Он всматривался в Грофилда, стараясь придать своему лицу суровое и бесстрашное выражение, но голос выдавал его, прозвучав слабо и испуганно, когда он спросил:
— Что, черт возьми, происходит?.. Кто ты такой?.. Где мы?
— Это мой номер в отеле, — спокойно сказал Грофилд. — А ты, временно, мой пленник.
— Я не знаю, что у тебя на уме, парень.
— Не трать слова понапрасну, — посоветовал Грофилд. — Я знаю, что ты хочешь сказать. Извини, я отойду на минутку.
Он отнес насквозь промокшее одеяло в ванную и повесил на карнизе для душевой занавески.
Когда он вернулся, парень, выгибаясь, полз по полу в направлении двери. Грофилд спросил:
— Ты и в самом деле хочешь выбраться отсюда? Тогда давай я тебе помогу.
Он прошел мимо него и открыл дверь. Несмотря на крышу, нависавшую над боковой дорожкой, образуя некоторое подобие веранды, дождь вихрем ворвался внутрь вместе с порывами ветра. При свете, горевшем в комнате, поблескивали задние фары и бампер припаркованного перед домом «шевроле» Грофилда, но за ним не было ничего, кроме кружащейся в водовороте мокрой черноты.
Парень на полу перестал двигаться и свернулся калачиком, спасаясь от ветра. Грофилд посмотрел на него, притворил дверь и сказал:
— На самом деле ты и не хочешь туда идти.
— Ты доведешь меня до воспаления легких. — У парня стучали зубы, и голос не слишком ему повиновался.
— Нет, если мне не придется этого сделать, — сказал Грофилд. — Кстати, как тебя зовут? Нужно же мне как–то тебя называть.
— Пошел ты к черту.
Грофилд открыл дверь.
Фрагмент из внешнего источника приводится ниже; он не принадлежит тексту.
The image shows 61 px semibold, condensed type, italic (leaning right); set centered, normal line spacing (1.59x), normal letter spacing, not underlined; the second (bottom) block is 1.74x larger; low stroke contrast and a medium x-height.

Стараясь перекричать шум грозы, он весело проговорил:
— Я одет теплее, чем ты. И выдержу гораздо более сильный холод и сырость.
— Господи Иисусе!
— Тебя зовут не так. Назови мне свое имя, и я закрою дверь.
— Мортон!
— Имя, а не фамилию.
— Перри!
Грофилд закрыл дверь:
— Очень хорошо, Перри. — Он подошел к стулу, на который бросил наволочку. Теперь, приподняв ее, он вытряхнул на стул одежду — оба ботинка соскочили на пол — и, порывшись в карманах брюк, нашел бумажник. Раскрыл его, вытащил водительские права и прочитал вслух: — Перри Мор–тон. — Он повернулся и, улыбаясь, сказал: — Очень хорошо. Самое лучшее для тебя — говорить правду.
Мортон с ожесточением посмотрел на бумажник:
— Если дело только в этом, зачем было устраивать всю эту ерунду с дверью?
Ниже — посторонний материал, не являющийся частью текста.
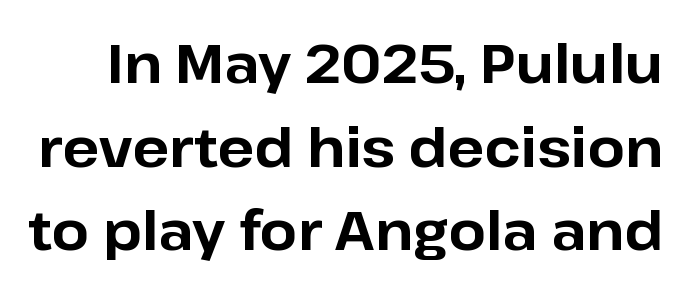
Q: Is the text bold? A: Yes.
Q: Is the text italic (slanted)? A: No, it is upright.
Q: Is the typeface a serif or a sans-serif typeface? A: Sans-serif.
Q: Is the text underlined? A: No.
Q: Is the spacing between letters normal or unusually wide? A: Normal.
Q: Is the spacing between lines tight, normal or loose? A: Normal.
Q: Width (condensed, normal, or wide)? A: Normal.
Q: Stroke contrast? A: Low.
Q: x-height? A: Medium.
Q: Monospaced? A: No.
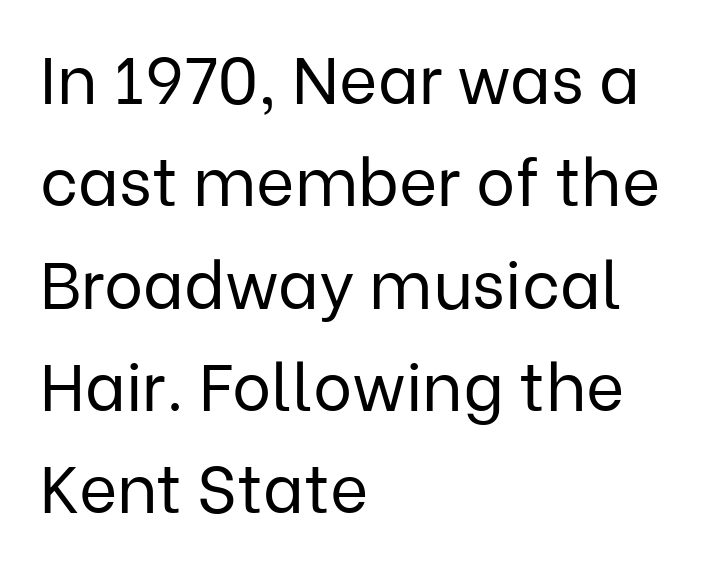
The lines in this sample share a left origin and differ only in where they stop. The space between consecutive lines is moderate. The strip under each line holds only bare page. The gaps between neighbouring characters are ordinary and unremarkable. In terms of letterform style, serifs are entirely absent. Posture: vertical.
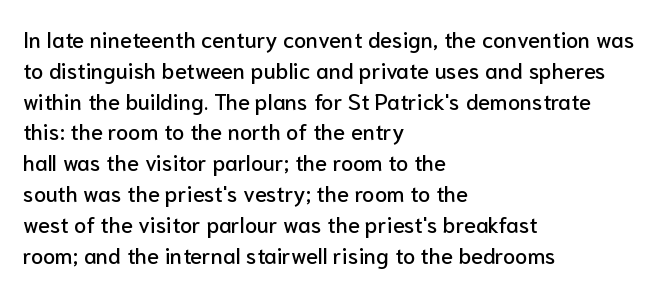
A classic flush-left, rag-right setting is used for this passage. Rendered with straight, roman letterforms. The rendering uses a moderate line-height, typical for paragraphs. In terms of letterspacing, this is plain default setting.

— Чтобы втолковать тебе, Перри, что самое разумное для тебя — отвечать на мои вопросы и все время говорить только правду. Ты знаешь, что случилось бы, если бы я заглянул сюда, и оказалось бы, что тебя зовут не Перри Мортон?
— Ты бы открыл дверь, — пробурчал Мортон.
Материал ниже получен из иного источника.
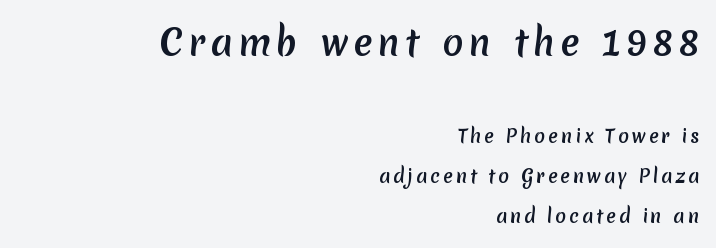
Q: Is the text bold? A: Yes.
Q: Is the typeface a serif or a sans-serif typeface? A: Sans-serif.
Q: Is the text underlined? A: No.
Q: How is the paragraph aligned? A: Right-aligned.
Q: Is the spacing between lines tight, normal or loose? A: Loose.
Q: Which block of text is set in a larger size, the first (top) or the second (bottom)? A: The first (top) one.
Q: Width (condensed, normal, or wide)? A: Normal.
Q: Stroke contrast? A: Low.
Q: x-height? A: Medium.
Q: Monospaced? A: No.
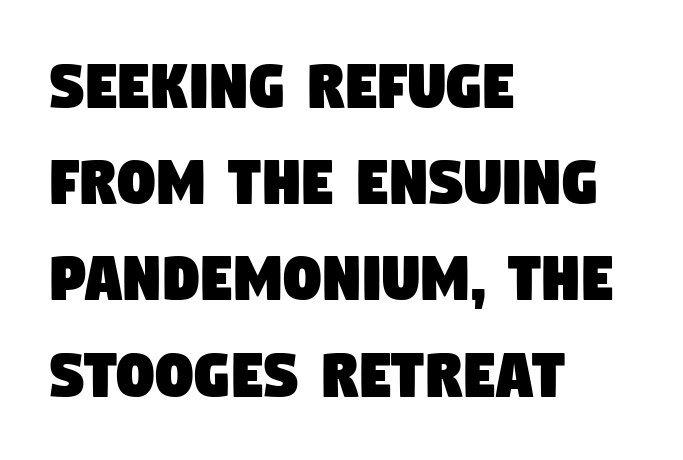
The image shows 74 px condensed sans-serif type; set left-aligned, normal line spacing (1.3x), normal letter spacing, not underlined; low stroke contrast and a large x-height.

— Мало того. Я бы выпихнул тебя наружу и оставил бы там на пару минут.
— Черта с два! Ты не дашь мне уйти, пока не добьешься от меня того, что тебе нужно.
— Я и не говорил, что дам тебе уйти. Перри, ты знаешь, сколько движущихся машин я повстречал по дороге сюда от дома, из которого я тебя вытащил? Ни одной. Там нет ни одной машины, ни одного прохожего. Я не видел ни одного освещенного окна, разве только парочку таких, где явно горели ночные лампы. Сейчас почти три тридцать ночи, Перри. Люди в таких местах, как этот городишко, ложатся спать в десять часов, а сейчас ночь со вторника на среду, ночь в разгар рабочей недели, да к тому же бушует гроза. Куда, по–твоему, ты бы пошел, Перри, если бы я вытолкнул тебя туда, связанного по рукам и ногам, да еще в исподнем? Кто, по–твоему, стал бы тебе помогать?